Dataset records:
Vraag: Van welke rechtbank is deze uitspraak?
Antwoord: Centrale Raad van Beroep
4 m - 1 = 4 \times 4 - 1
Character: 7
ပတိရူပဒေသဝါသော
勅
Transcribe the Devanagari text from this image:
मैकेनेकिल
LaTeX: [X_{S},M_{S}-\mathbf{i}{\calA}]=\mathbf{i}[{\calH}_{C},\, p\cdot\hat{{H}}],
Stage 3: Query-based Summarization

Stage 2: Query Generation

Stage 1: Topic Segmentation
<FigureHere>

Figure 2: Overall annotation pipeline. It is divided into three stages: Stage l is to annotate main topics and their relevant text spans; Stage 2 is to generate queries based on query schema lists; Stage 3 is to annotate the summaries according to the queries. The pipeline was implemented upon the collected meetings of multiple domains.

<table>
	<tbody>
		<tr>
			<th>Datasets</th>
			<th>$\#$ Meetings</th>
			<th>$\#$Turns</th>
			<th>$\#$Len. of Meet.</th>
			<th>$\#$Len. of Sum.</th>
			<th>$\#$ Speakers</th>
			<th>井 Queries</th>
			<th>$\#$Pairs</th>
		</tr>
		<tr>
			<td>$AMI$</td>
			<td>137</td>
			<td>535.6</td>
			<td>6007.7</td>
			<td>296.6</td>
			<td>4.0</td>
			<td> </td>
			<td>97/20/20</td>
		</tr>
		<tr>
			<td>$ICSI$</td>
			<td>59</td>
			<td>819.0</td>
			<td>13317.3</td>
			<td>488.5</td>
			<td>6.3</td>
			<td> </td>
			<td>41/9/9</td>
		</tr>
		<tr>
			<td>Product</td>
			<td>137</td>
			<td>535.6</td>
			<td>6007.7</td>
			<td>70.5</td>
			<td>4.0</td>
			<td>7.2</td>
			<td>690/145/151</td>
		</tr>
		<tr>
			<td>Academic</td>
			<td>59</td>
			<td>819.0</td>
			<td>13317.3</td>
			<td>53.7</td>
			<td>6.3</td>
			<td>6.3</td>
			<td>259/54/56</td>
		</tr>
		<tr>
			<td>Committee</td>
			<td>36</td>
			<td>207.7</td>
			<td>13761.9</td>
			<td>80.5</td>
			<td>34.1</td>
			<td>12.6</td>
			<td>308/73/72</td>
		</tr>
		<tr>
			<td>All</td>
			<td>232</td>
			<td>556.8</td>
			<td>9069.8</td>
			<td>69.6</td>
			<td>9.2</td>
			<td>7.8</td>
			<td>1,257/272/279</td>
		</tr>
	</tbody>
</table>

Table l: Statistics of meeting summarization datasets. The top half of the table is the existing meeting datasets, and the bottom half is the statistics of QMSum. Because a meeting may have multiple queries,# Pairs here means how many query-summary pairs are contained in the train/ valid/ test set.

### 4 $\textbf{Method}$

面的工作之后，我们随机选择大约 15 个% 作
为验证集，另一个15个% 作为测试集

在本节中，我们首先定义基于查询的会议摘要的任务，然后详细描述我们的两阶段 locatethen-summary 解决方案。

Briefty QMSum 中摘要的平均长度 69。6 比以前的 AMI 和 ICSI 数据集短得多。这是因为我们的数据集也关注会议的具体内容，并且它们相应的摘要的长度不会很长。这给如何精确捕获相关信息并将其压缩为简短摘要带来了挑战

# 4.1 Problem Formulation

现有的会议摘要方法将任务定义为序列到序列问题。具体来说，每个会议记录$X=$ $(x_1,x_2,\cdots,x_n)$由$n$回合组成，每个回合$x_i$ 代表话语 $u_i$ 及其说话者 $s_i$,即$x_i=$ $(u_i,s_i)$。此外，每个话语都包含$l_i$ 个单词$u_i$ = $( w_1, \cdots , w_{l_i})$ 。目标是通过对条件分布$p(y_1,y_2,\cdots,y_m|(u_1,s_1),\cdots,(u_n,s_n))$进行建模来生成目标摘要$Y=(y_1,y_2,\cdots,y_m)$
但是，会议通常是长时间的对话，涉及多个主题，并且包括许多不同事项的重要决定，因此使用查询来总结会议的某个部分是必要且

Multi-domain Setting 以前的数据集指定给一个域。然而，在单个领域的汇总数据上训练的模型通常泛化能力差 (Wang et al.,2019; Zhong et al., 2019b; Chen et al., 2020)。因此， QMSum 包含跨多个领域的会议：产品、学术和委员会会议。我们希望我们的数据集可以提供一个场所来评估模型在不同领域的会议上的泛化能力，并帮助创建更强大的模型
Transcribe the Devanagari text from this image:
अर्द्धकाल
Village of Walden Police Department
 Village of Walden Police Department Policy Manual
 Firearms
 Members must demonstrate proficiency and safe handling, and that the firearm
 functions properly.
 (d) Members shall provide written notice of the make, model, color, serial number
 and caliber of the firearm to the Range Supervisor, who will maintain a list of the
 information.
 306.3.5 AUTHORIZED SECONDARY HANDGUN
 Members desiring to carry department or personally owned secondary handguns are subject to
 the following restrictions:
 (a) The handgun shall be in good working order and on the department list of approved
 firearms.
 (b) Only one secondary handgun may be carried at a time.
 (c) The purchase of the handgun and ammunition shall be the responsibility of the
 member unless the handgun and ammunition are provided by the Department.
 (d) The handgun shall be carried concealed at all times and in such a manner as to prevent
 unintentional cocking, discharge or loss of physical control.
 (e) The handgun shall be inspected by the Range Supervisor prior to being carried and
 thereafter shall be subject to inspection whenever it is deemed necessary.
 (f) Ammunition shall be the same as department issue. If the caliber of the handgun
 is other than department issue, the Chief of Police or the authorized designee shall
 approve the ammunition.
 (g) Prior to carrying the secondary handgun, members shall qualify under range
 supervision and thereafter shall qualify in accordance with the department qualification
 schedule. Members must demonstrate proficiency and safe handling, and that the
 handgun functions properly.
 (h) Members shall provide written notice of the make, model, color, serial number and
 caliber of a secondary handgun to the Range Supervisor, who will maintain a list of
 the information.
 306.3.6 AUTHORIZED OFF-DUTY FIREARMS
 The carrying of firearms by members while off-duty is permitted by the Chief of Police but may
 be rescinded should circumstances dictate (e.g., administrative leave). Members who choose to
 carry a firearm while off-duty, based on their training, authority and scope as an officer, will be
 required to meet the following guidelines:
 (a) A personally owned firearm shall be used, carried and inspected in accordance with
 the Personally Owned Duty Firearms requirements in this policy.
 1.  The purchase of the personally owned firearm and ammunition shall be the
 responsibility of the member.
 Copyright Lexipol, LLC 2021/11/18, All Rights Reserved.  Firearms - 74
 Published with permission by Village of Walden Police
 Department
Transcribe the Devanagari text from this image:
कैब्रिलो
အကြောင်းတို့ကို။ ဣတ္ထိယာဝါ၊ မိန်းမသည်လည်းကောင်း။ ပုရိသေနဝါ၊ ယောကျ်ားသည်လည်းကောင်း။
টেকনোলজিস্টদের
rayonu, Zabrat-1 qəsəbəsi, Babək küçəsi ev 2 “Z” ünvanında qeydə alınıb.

About this exercise. Set apart and copy each line of the records that holds the word "issue".

Answer to this problem.
 (f) Ammunition shall be the same as department issue. If the caliber of the handgun
 is other than department issue, the Chief of Police or the authorized designee shall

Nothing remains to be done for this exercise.